A Human and Natural History of Puget Sound, by David Williams
~ Anne Kilgannon
This book came to my hand when I really needed it. So much, right now, in my reading forays is global in size and overwhelmingly overwhelming. Dark and even desperate. It was a relief to focus on something local and comprehensible, a place I can envision; I’ve been there! I was particularly keen to explore possible connections of Sound waters with what our own efforts in this community—the bottom of the Sound—can do for our contribution for the future health and beauty of a place we love. David Williams lays out just such a feast for our participation.
Williams invites us to tag along as he meets with various specialists that can shed light on various life forms that populate these waters or who understand the forces that shaped this body and still dictate all the invisible mechanics of water flow and collection.
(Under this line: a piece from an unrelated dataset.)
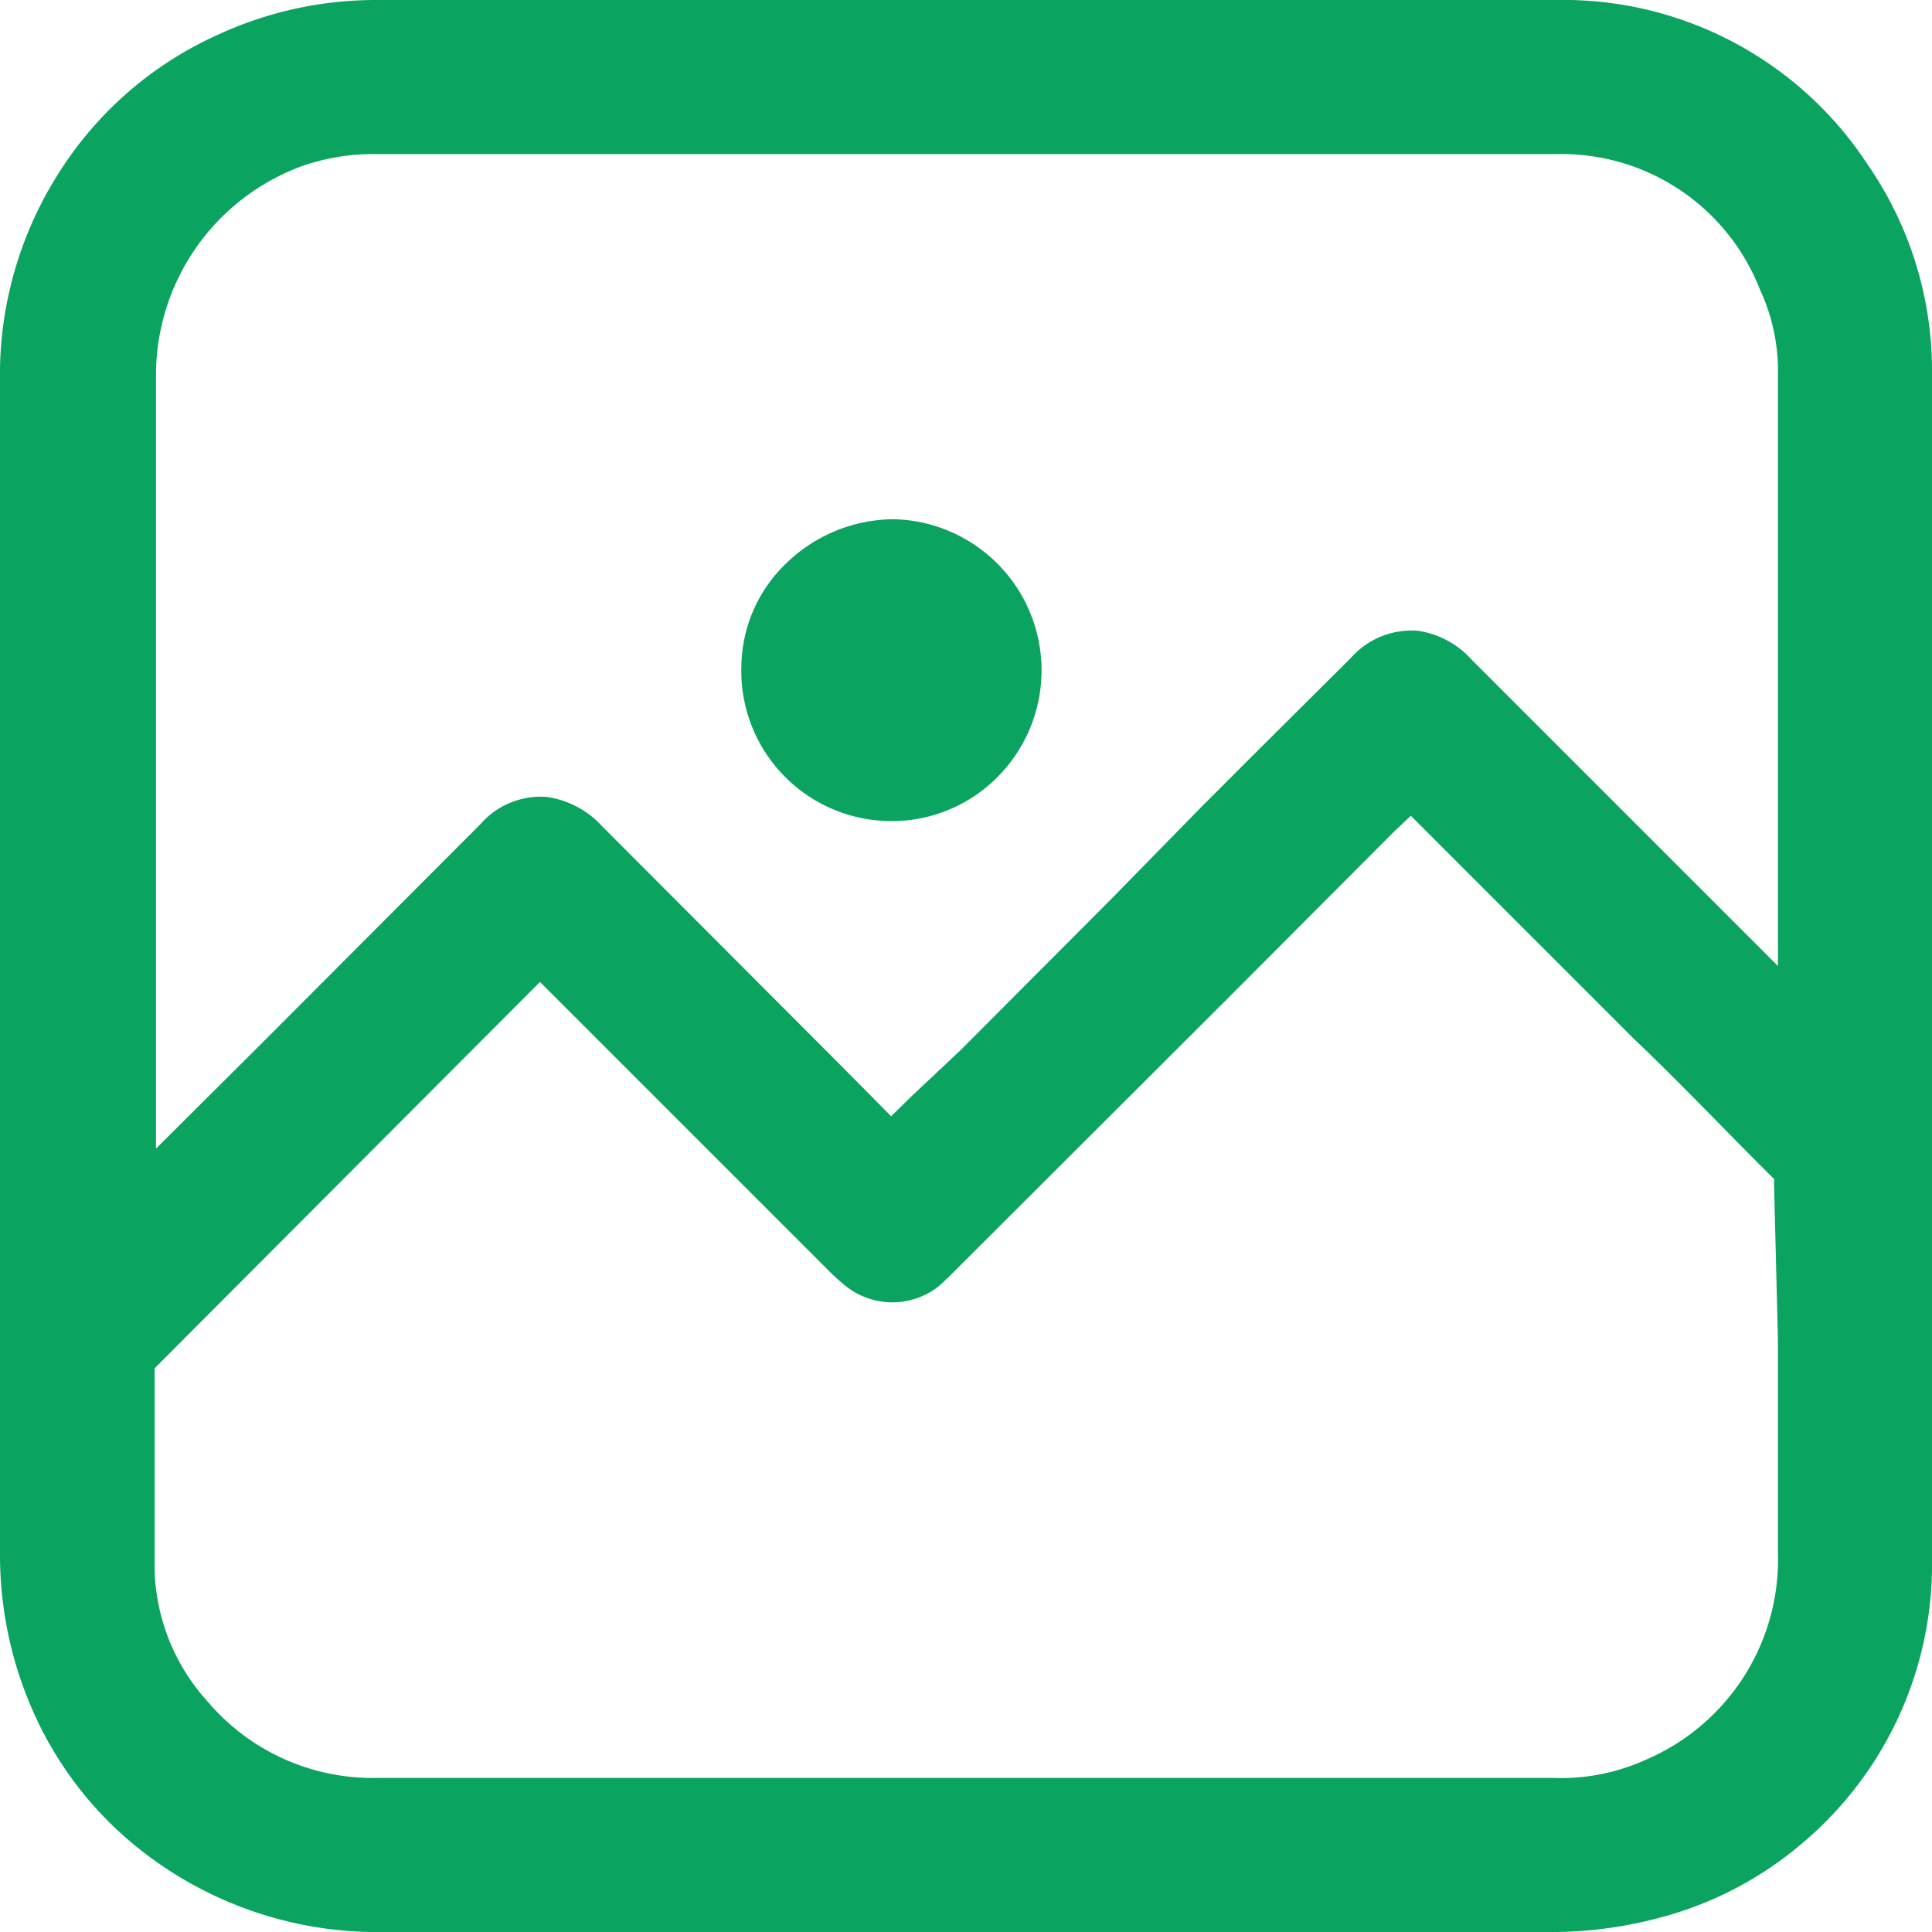 <svg xmlns="http://www.w3.org/2000/svg" viewBox="0 0 40 40"><defs><style>.cls-1{fill:#0aa360;}</style></defs><g id="Слой_2" data-name="Слой 2"><g id="Слой_1-2" data-name="Слой 1"><path class="cls-1" d="M40,7.77a7.51,7.51,0,0,0-1.33-4.36A7.53,7.53,0,0,0,32.23,0H7.78A7.79,7.79,0,0,0,4.51.72,7.55,7.55,0,0,0,1.25,3.53,7.78,7.78,0,0,0,0,7.9c0,2.88,0,5.81,0,8.64v6.74c0,2.91,0,5.91,0,8.86a8,8,0,0,0,.72,3.37,7.51,7.51,0,0,0,2.15,2.76A7.93,7.93,0,0,0,8,40H32a8.65,8.65,0,0,0,2.34-.29,7.47,7.47,0,0,0,3-1.57A7.55,7.55,0,0,0,40,32.26C40,23.87,40,15.53,40,7.77ZM6.25,3.44a4.45,4.45,0,0,1,1.52-.25H32.23A4.41,4.41,0,0,1,36.44,6a4,4,0,0,1,.37,1.8V20l-.56-.56-5.78-5.78a1.85,1.85,0,0,0-1.11-.6,1.68,1.68,0,0,0-1.4.57L26.08,15.5l-1.19,1.19L23,18.62l-3.11,3.12-1,.94-.44.43L17.4,22.05,12.46,17.1a1.91,1.91,0,0,0-1.14-.6,1.65,1.65,0,0,0-1.37.56L5.42,21.6,3.23,23.78l0,0V19.29c0-3.8,0-7.73,0-11.59A4.61,4.61,0,0,1,6.25,3.44ZM36.81,27.72v4.4a4.51,4.51,0,0,1-2.75,4.32,4.23,4.23,0,0,1-1.9.37H7.81A4.48,4.48,0,0,1,4.3,35.23a4.22,4.22,0,0,1-1.1-2.78c0-1.13,0-2.28,0-3.4,0-.24,0-.48,0-.72h0l4.06-4.07,3.92-3.93,5.91,5.91a4.48,4.48,0,0,0,.45.41,1.55,1.55,0,0,0,1.87,0c.12-.1.23-.21.33-.31l5.69-5.68,3.43-3.44.17-.16.18-.17,2.46,2.46,1,1,1.16,1.16c1,.95,1.93,1.94,2.9,2.9,0,0,0,.05,0,.11Z"/><path class="cls-1" d="M18.47,17h0a3.08,3.08,0,0,0,2.17-.9,3.13,3.13,0,0,0-2.14-5.35h0a3.22,3.22,0,0,0-2.24.93,3,3,0,0,0-.91,2.08A3.11,3.11,0,0,0,18.47,17Z"/></g></g></svg>

He reaches back to the geological foundations—the bedrock of everything, if you will—as well as bringing us forward through time as the human populations carved their own places along the shores, some with a light touch and others with more catastrophic impact. That the different approaches have been, not by happenstance, framed in different languages used in naming these places he quietly brings to our attention. History, too, has shaped the Sound; what we call things matters.
Williams doesn’t bludgeon us with hard truths, though, so much as show us their ripples and then open ways for us to seek out new perspectives, new visions, be more informed, be more embedded in scientific understanding and insights. He’s not a show-off; his modesty works to draw us in and help us marvel with him at all he discovers. His opening moment of truth when he admits that he’s looked at the Sound waters all his life, but as scenery, as surface. (With a quick intake of breath I realize the same would be true for me! I had not really thought of that before.) And then he takes us into the water.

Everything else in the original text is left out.